In [2]:
import nltk
from nltk.stem import PorterStemmer, WordNetLemmatizer, SnowballStemmer, LancasterStemmer
from nltk.tokenize import word_tokenize
import random
from nltk.corpus import stopwords
import re
from gensim.models import Word2Vec
from sklearn.metrics.pairwise import cosine_similarity
from nltk.metrics import edit_distance
import numpy as np
import pandas as pd
import kagglehub

nltk.download('stopwords')
nltk.download('punkt_tab')
nltk.download('wordnet')

stop_words = set(stopwords.words('english'))

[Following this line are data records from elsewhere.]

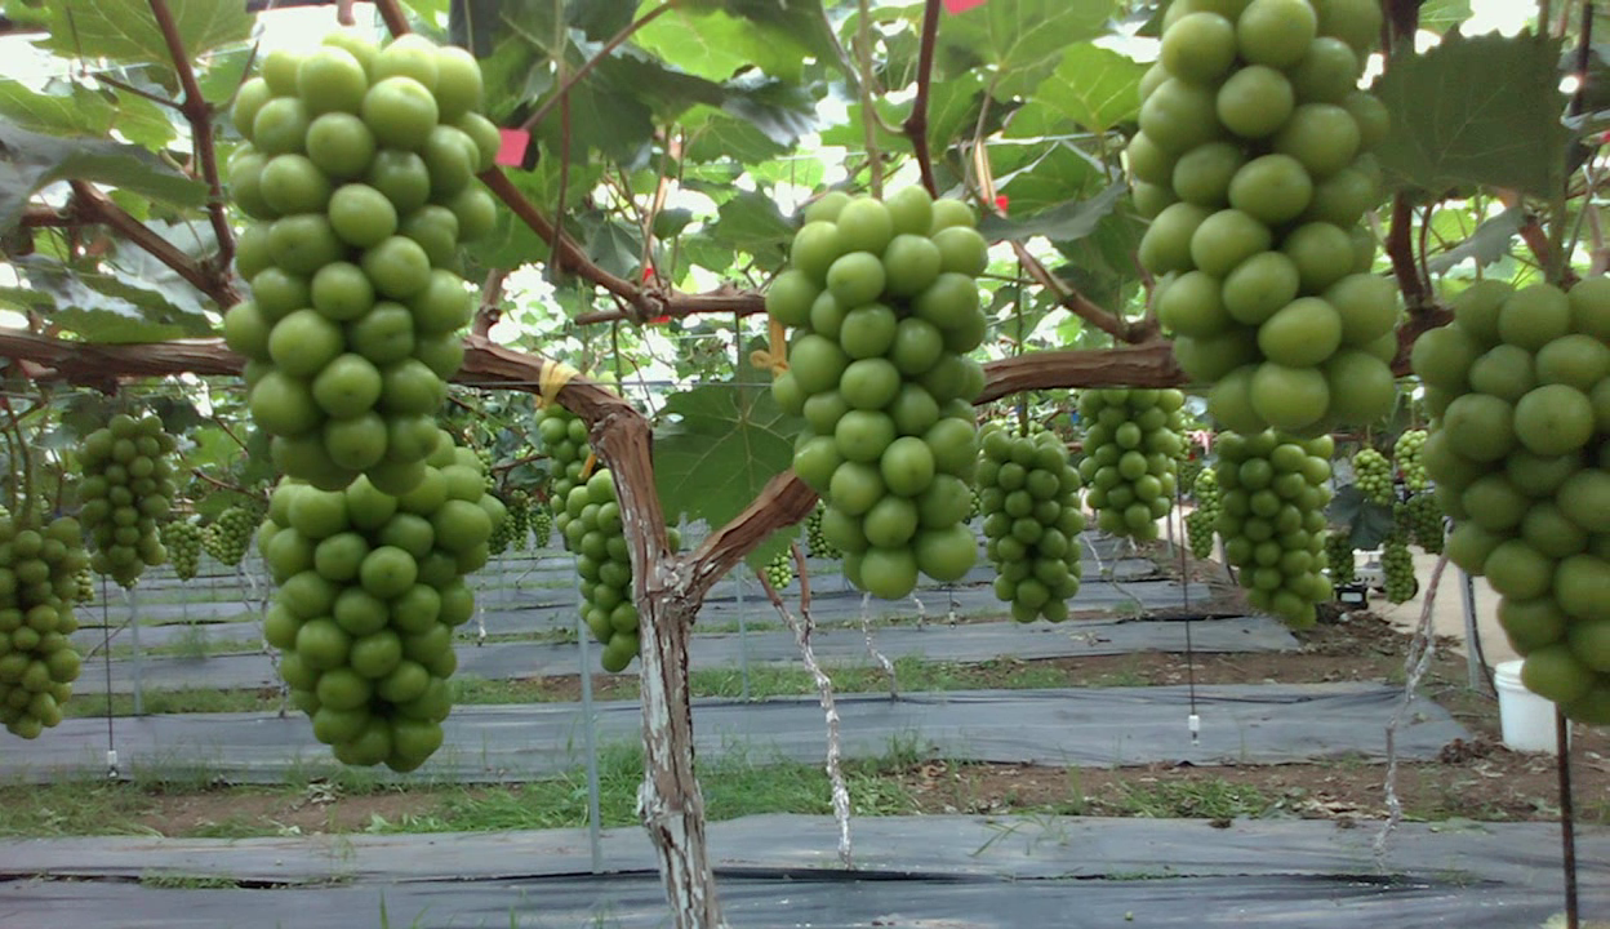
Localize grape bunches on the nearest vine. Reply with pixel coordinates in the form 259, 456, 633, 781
255, 430, 506, 773
1128, 0, 1397, 440
1414, 275, 1609, 728
223, 25, 502, 497
765, 182, 989, 601
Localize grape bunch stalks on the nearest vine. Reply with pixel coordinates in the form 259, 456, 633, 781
1545, 182, 1566, 285
858, 1, 886, 203
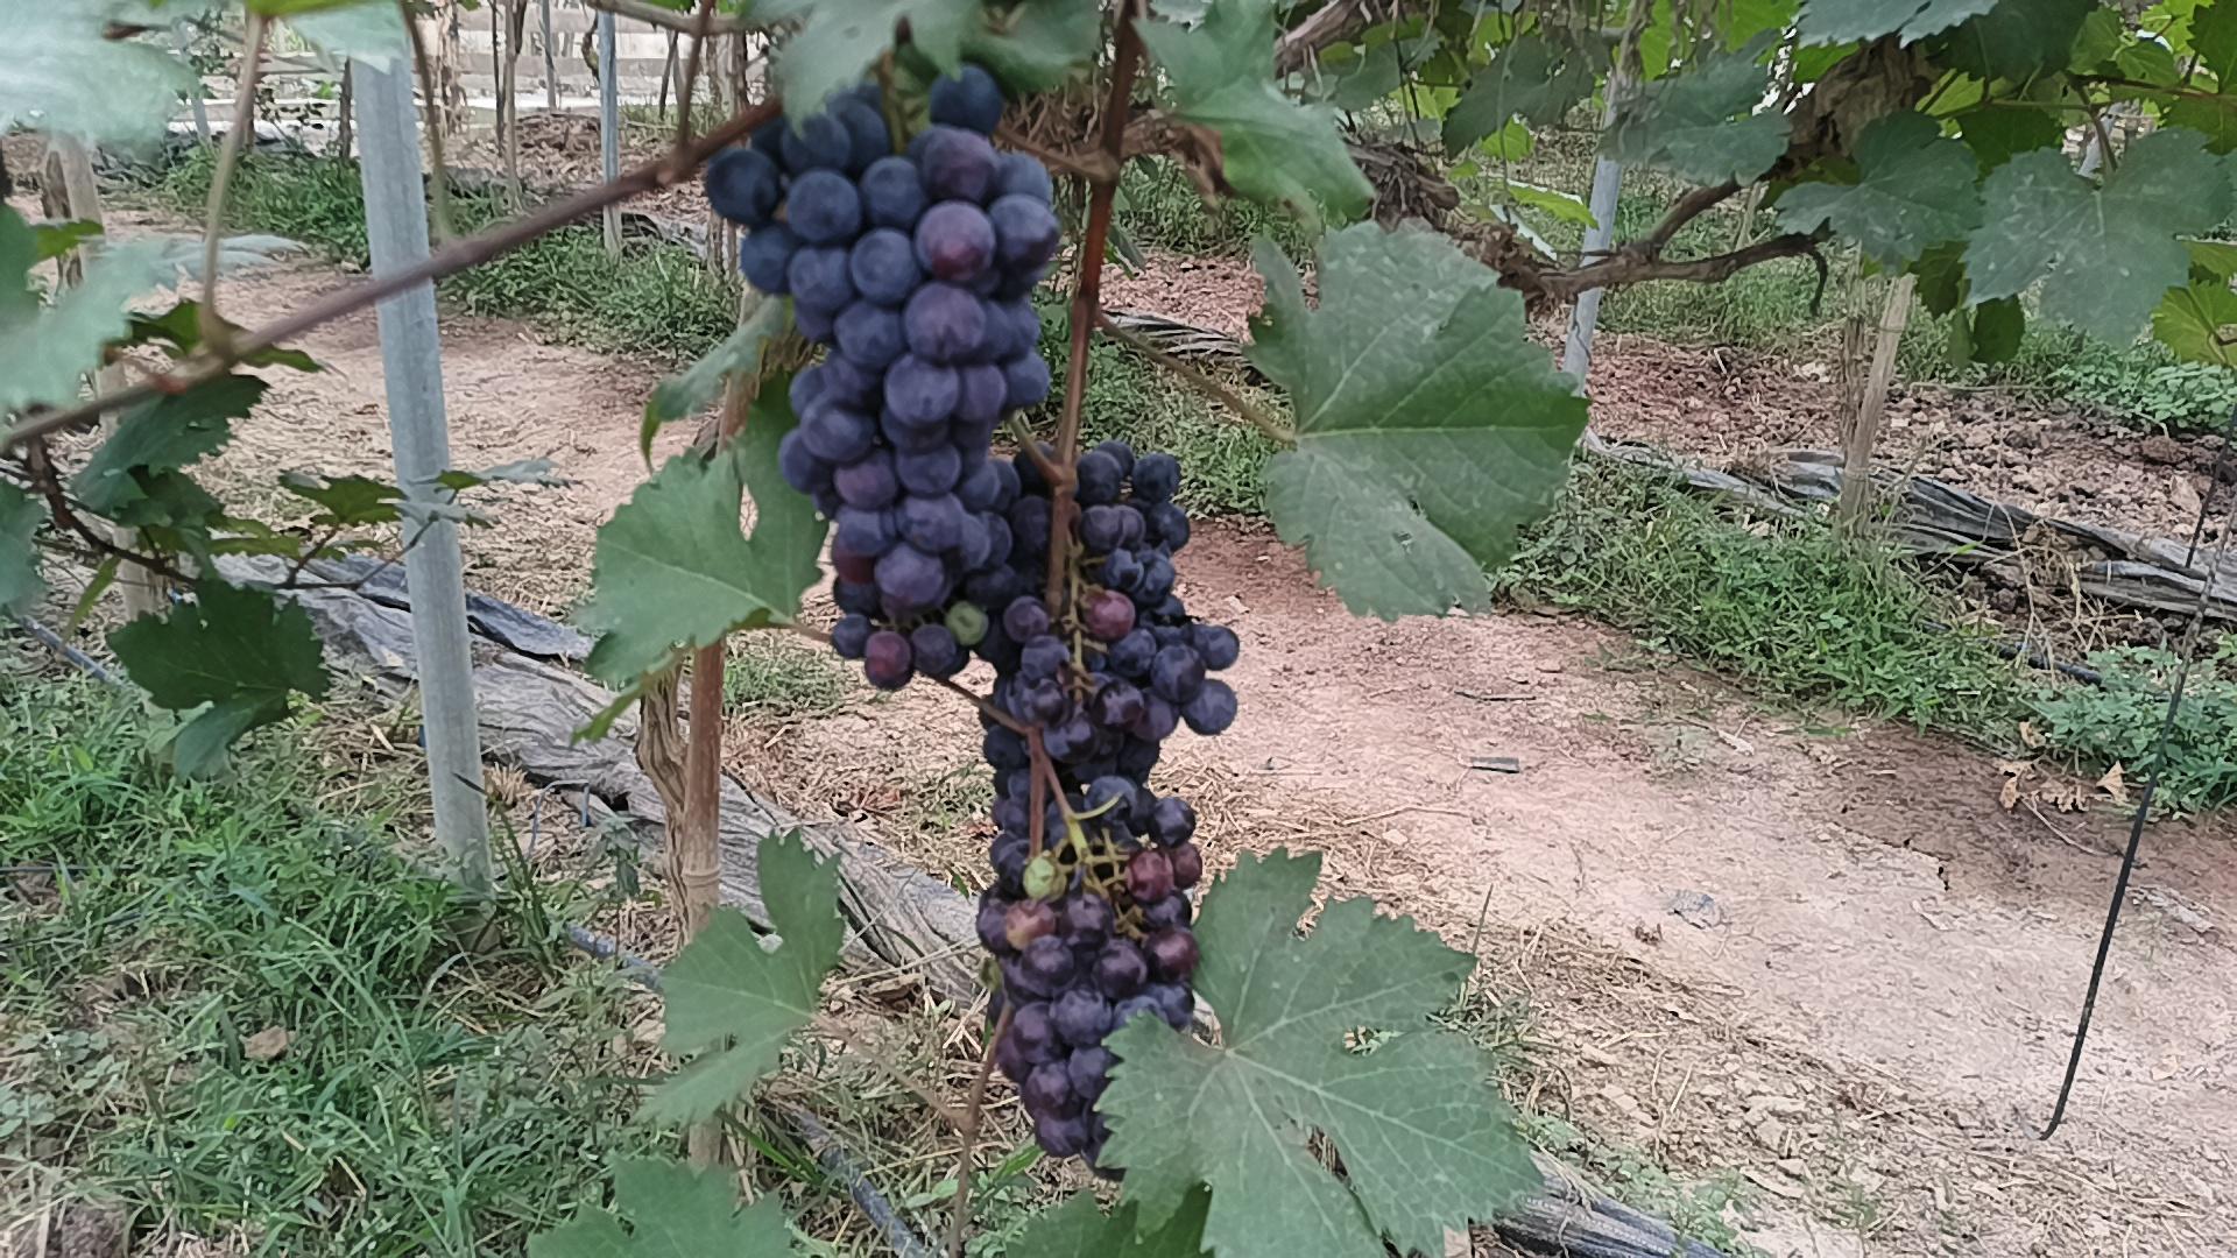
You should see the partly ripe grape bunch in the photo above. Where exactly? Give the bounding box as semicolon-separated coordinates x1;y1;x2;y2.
976;441;1236;1162
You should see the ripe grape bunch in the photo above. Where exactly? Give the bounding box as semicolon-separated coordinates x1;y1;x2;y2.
707;65;1066;690
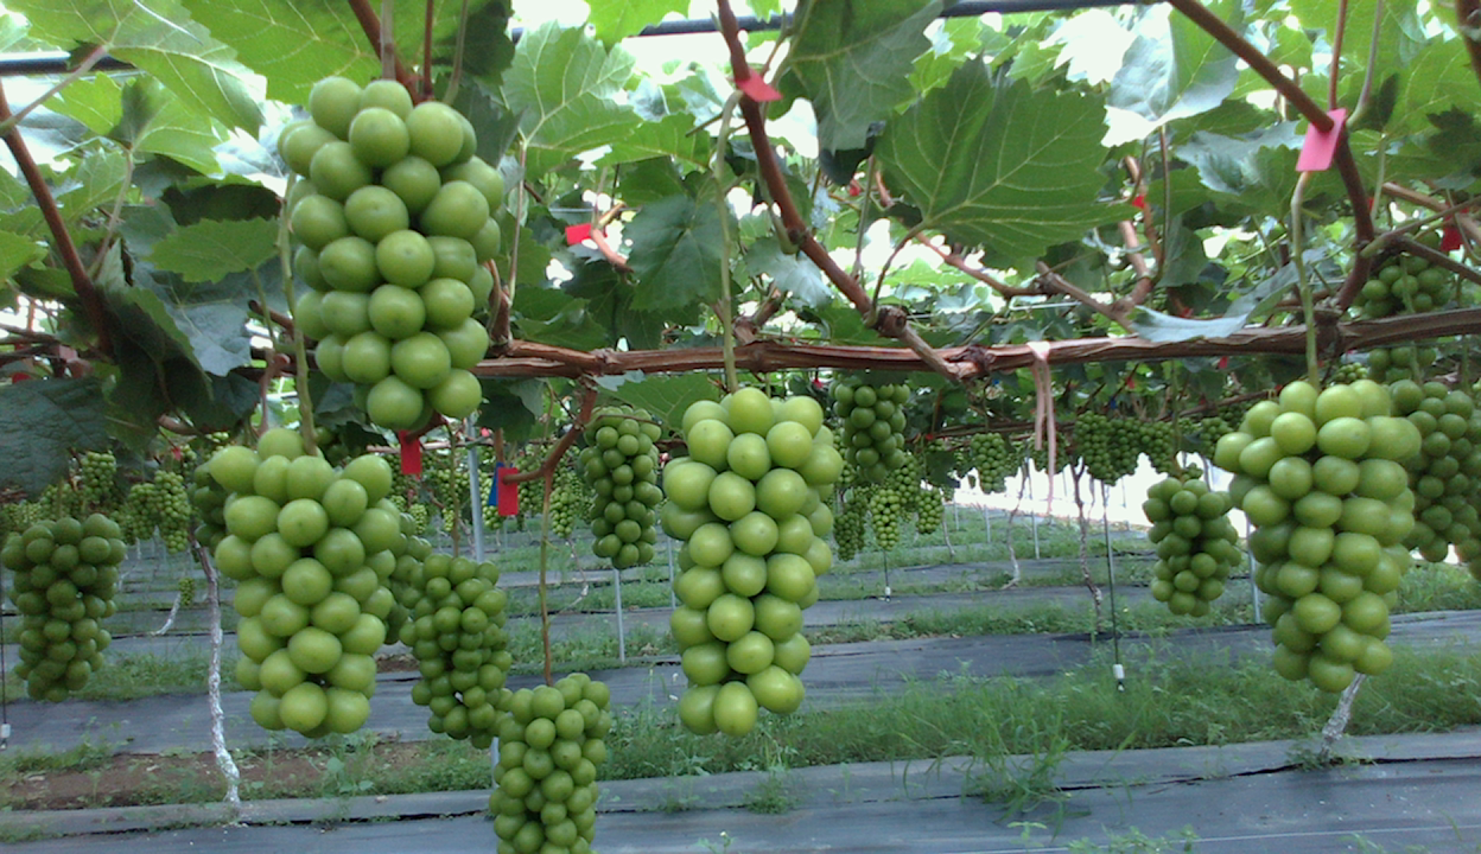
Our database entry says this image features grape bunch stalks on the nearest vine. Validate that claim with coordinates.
[275,168,318,452]
[1290,170,1317,391]
[713,88,744,391]
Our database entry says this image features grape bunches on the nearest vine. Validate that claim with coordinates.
[660,388,843,738]
[1213,381,1420,692]
[208,427,401,738]
[278,76,504,431]
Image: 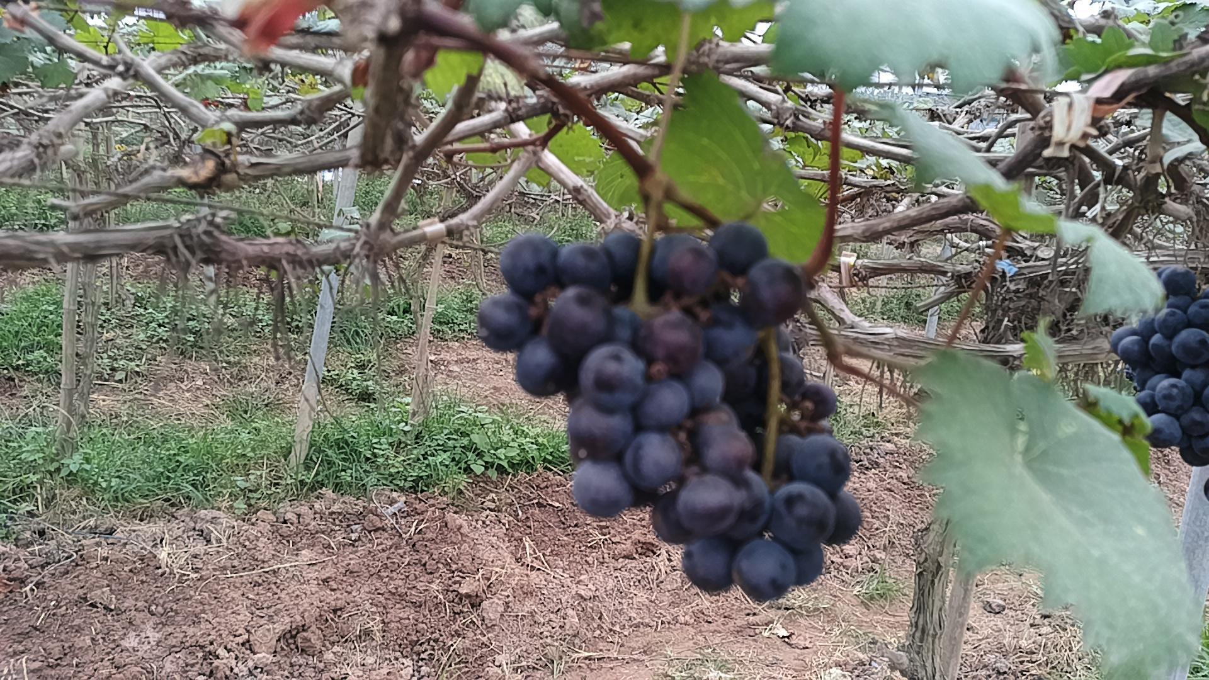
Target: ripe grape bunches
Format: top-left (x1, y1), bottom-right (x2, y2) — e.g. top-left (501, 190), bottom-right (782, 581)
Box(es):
top-left (480, 222), bottom-right (862, 600)
top-left (1111, 266), bottom-right (1208, 467)
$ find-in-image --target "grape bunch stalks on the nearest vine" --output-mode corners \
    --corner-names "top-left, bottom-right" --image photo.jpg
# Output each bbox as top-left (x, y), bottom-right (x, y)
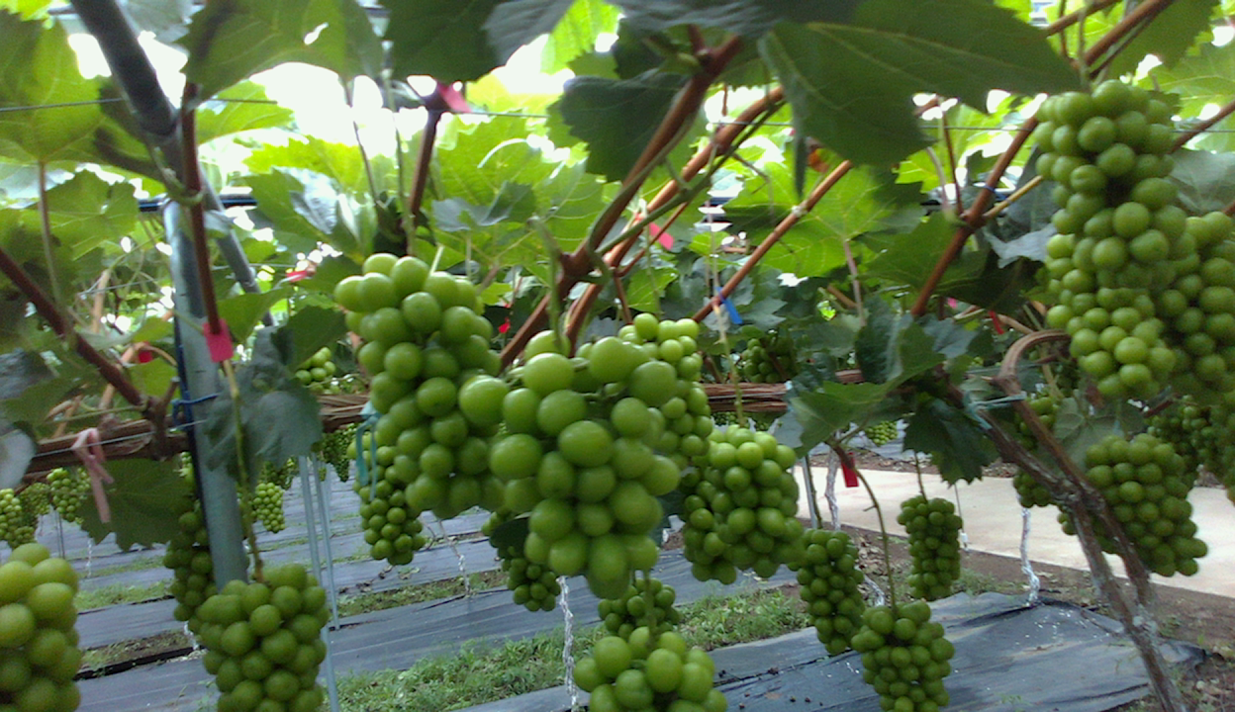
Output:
top-left (222, 358), bottom-right (262, 581)
top-left (527, 216), bottom-right (562, 353)
top-left (712, 306), bottom-right (744, 427)
top-left (1078, 3), bottom-right (1092, 93)
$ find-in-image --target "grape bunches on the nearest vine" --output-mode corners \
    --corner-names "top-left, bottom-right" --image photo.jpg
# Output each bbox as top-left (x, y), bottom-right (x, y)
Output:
top-left (1046, 233), bottom-right (1176, 399)
top-left (456, 331), bottom-right (678, 598)
top-left (335, 253), bottom-right (503, 520)
top-left (201, 563), bottom-right (330, 709)
top-left (2, 545), bottom-right (83, 709)
top-left (571, 626), bottom-right (728, 710)
top-left (707, 423), bottom-right (803, 578)
top-left (1035, 80), bottom-right (1195, 288)
top-left (617, 312), bottom-right (711, 470)
top-left (1148, 211), bottom-right (1234, 408)

[nltk_data] Downloading package stopwords to
[nltk_data]     /Users/anapetrova/nltk_data...
[nltk_data]   Package stopwords is already up-to-date!
[nltk_data] Downloading package punkt_tab to
[nltk_data]     /Users/anapetrova/nltk_data...
[nltk_data]   Package punkt_tab is already up-to-date!
[nltk_data] Downloading package wordnet to
[nltk_data]     /Users/anapetrova/nltk_data...
[nltk_data]   Package wordnet is already up-to-date!


In [15]:
twitter_path = kagglehub.dataset_download("hariharasudhanas/twitter-emoji-prediction")
twitter_ds = pd.read_csv(f"{twitter_path}/Train.csv")
twitter_ds.head()

text8_path = kagglehub.dataset_download("gupta24789/text8-word-embedding")
print("Path to dataset files:", text8_path)
text8_ds = open(f"{text8_path}/text8", "r")
text8_ds

Path to dataset files: /Users/anapetrova/.cache/kagglehub/datasets/gupta24789/text8-word-embedding/versions/1


<_io.TextIOWrapper name='/Users/anapetrova/.cache/kagglehub/datasets/gupta24789/text8-word-embedding/versions/1/text8' mode='r' encoding='UTF-8'>

In [33]:
emojis_dataset = pd.read_csv("./emojis.csv")
emojis_dataset

Unnamed: 0,Group,Subgroup,CodePoint,Status,Representation,Name,Section
0,Activities,event,1F383,fully-qualified,🎃,jack-o-lantern,E0.6
1,Activities,event,1F384,fully-qualified,🎄,Christmas tree,E0.6
2,Activities,event,1F386,fully-qualified,🎆,fireworks,E0.6
3,Activities,event,1F387,fully-qualified,🎇,sparkler,E0.6
4,Activities,event,1F9E8,fully-qualified,🧨,firecracker,E11.0
...,...,...,...,...,...,...,...
4585,Travel-Places,sky-weather,2604 FE0F,fully-qualified,☄️,comet,E1.0
4586,Travel-Places,sky-weather,2604,unqualified,☄,comet,E1.0
4587,Travel-Places,sky-weather,1F525,fully-qualified,🔥,fire,E0.6
4588,Travel-Places,sky-weather,1F4A7,fully-qualified,💧,droplet,E0.6


In [34]:
def pre_process(sentence: str) -> list[str]:
  clean_sent = re.sub(r'[^\w\s]', '', sentence)
  tokens = word_tokenize(clean_sent)  # Tokenize the sentence
  filtered_tokens = [t for t in tokens if t not in stop_words]  # Remove stop words
  return filtered_tokens

In [35]:
sent = "I want castle for Christmas"
tokens = pre_process(sent)

tokens

['I', 'want', 'castle', 'Christmas']

In [36]:
# Prepare training data
emojis_dataset = emojis_dataset[["Representation", "Name"]]
emojis_dataset["cleaned_text"] = emojis_dataset["Name"].apply(pre_process)
emojis_dataset

A value is trying to be set on a copy of a slice from a DataFrame.
Try using .loc[row_indexer,col_indexer] = value instead

See the caveats in the documentation: https://pandas.pydata.org/pandas-docs/stable/user_guide/indexing.html#returning-a-view-versus-a-copy
  emojis_dataset["cleaned_text"] = emojis_dataset["Name"].apply(pre_process)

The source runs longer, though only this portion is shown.